I know that  "grimaldi line"  operate a ro-ro service from USA, S America, Africa so maybe they can help, have you been to Europe before? , the idea of "wild camping" in Europe is probably nothing like Australia, your lucky to find any roads that are not tarmaced , I'm 60 too, everyone should finish work as early as possible as you never know whats around the next bend.


----------



## Deleted member 2636 (Sep 22, 2008)

Best thing is to crate the thing or see if anyone has a part filled container
Any shipping agency should be able to help on that.

It may even be easier to buy a vehicle over in the UK or Germany - have a look at http://www.mobile.de/home/index.html#0

and the motorhomes bit CLICKY

The sort of thing that you describe is a demountable unit - here's a list of manufacturers. LINKY You could easily put one onto a crew cab vehicle.


----------



## Deleted member 775 (Sep 22, 2008)

well i for one cannot give any helpfull hints but all my best wishes go with you oh by the way welcome to wildcamping


----------



## Tony Lee (Sep 23, 2008)

> as a start - as I only speak English



Probably best to avoid most of the UK and stick to Holland, Belgium, Sweden, Norway and Iceland if you want to understand the spoken word.

Having just survived 5 weeks starting from Scrabster, down the west coast to Wales and lands end (where it costs close to $10 AU to park - we didn't bother) I can understand where the Aussie term of endearment for those from the Mother Country -  "Bloody whingeing Poms" - came from. Believe me, they have plenty to whinge about --

First, there is the rain. Hardly one day without at least a few drops, and many days with plenty more than a few drops.

Then the roads. I don't mean the M1 and such. They are very good and would be even better if people could be persuaded to stop clogging them up by using them. No, I'm talking about the A roads. You would think this means it is quite good enough to drive at or even above the 60 miles per hour speed limit, but after considerable experience, I have come to think it means any bit of tar with a dotted white line down the centre. Never mind that thanks to the criminal incompetence of the entire membership of the ancient Guild of Hedge Trimmers the hedges are not only 20' high (better to go to Sweden and drive back and forth along the 25km-long tunnel - the view is the same and the road is a hell of a lot wider), but encroach on the roadway so far that each lane is about 6' wide. Not only idiots in motorhomes use these roads but full-size tour buses and even semi-trailers use them too - AND they are less inclined to scratch hell out of their paint work than the motor-homers, so you can imagine the consequences of the usual meeting point on tight bends, narrow roads and with the usual 50 cars lined up behind each.

Then there is parking - or rather an extreme lack of parking. Of course the locals have come to believe that the double yellow lines mean they can park in the main street of any country village completely oblivious to the fact that full-size buses need to pass each other in the same street - a street where the last improvement in traffic flow happened 500 years ago when they finally pursuaded the citizens to stop emptying their commodes into the gutter in the middle of the street. That widened it enough to paint a dotted line down the middle and call it a "A" road. The rest of us must pay through the nose  - another AU$10 to park and ride - or AU$5 to use the car park in the shopping centre for "up to 4 hours". Makes that expensive bottle of milk or loaf of bread seem like luxury food.

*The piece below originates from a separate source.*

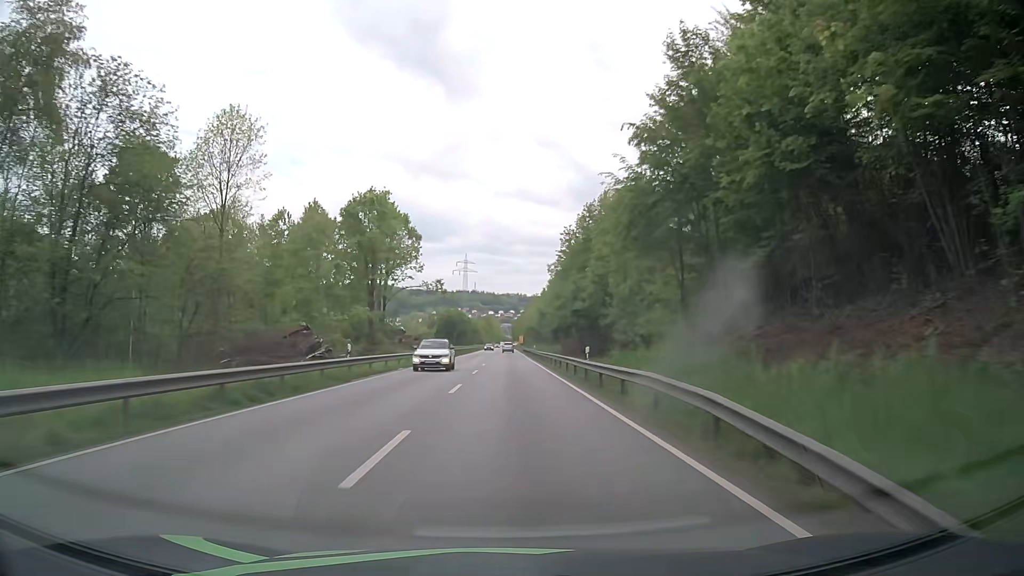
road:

Then of course - forget any hopes of wild camping. The absolute best you will find is an occasional layby that is just wide enough to fit a motorhome let alone huge tractors pulling manure spreaders that infest all roads and occasionally pull into a layby to let the traffic past. If the stink doesn't rouse you then the squeal of 10' diameter tractor tyres rubbing along the side of your nice new motorhome surely will.

I could of course go on and on - it doesn't take very long to fall into the ways of the local inhabitants -- but the absolute pits was reached when in only the second caravan park used in the 5 weeks, I thought I would make some use of the 5 million gigawatts of energy pouring out of the BBC tower right next to the Crystal Palace van park (where burglar alarms go off day and night due to the electrical interference and you can cook meals by just putting the pots outside near the tower) and watch the local TV programs instead of using the satellite system. It was very nerve wracking as unlike Oz where they gave up such a silly system 50 years ago, the Brits have a whole system of spys who try to catch you watching TV without having paid the several hundred dollars TV license fee. Penalty about $10,000 quid - can you believe that? Kill someone driving unlicensed and without MOT and tax discs and the penalty is a few quid. Same stupid legal system as we have back home apparently.

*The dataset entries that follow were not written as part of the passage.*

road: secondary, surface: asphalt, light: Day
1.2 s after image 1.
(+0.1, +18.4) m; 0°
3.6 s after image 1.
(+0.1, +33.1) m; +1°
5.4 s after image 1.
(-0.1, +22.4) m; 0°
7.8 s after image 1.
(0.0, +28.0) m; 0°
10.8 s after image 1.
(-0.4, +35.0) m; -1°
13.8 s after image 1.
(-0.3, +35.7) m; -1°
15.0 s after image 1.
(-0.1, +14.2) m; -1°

Anyway, back to the TV. The ultimate bad experience that left the rest of the UK bad experiences in the shade was watching TV and having to put up with adverts - not any adverts mind you but totally tasteless adverts for dunny disinfectants - RIGHT IN THE MIDDLE OF WATCHING "THE BILL".
Can you believe it?

Maaaaate - best stay home where you won't have to put up with such indignities


----------



## Deleted member 775 (Sep 23, 2008)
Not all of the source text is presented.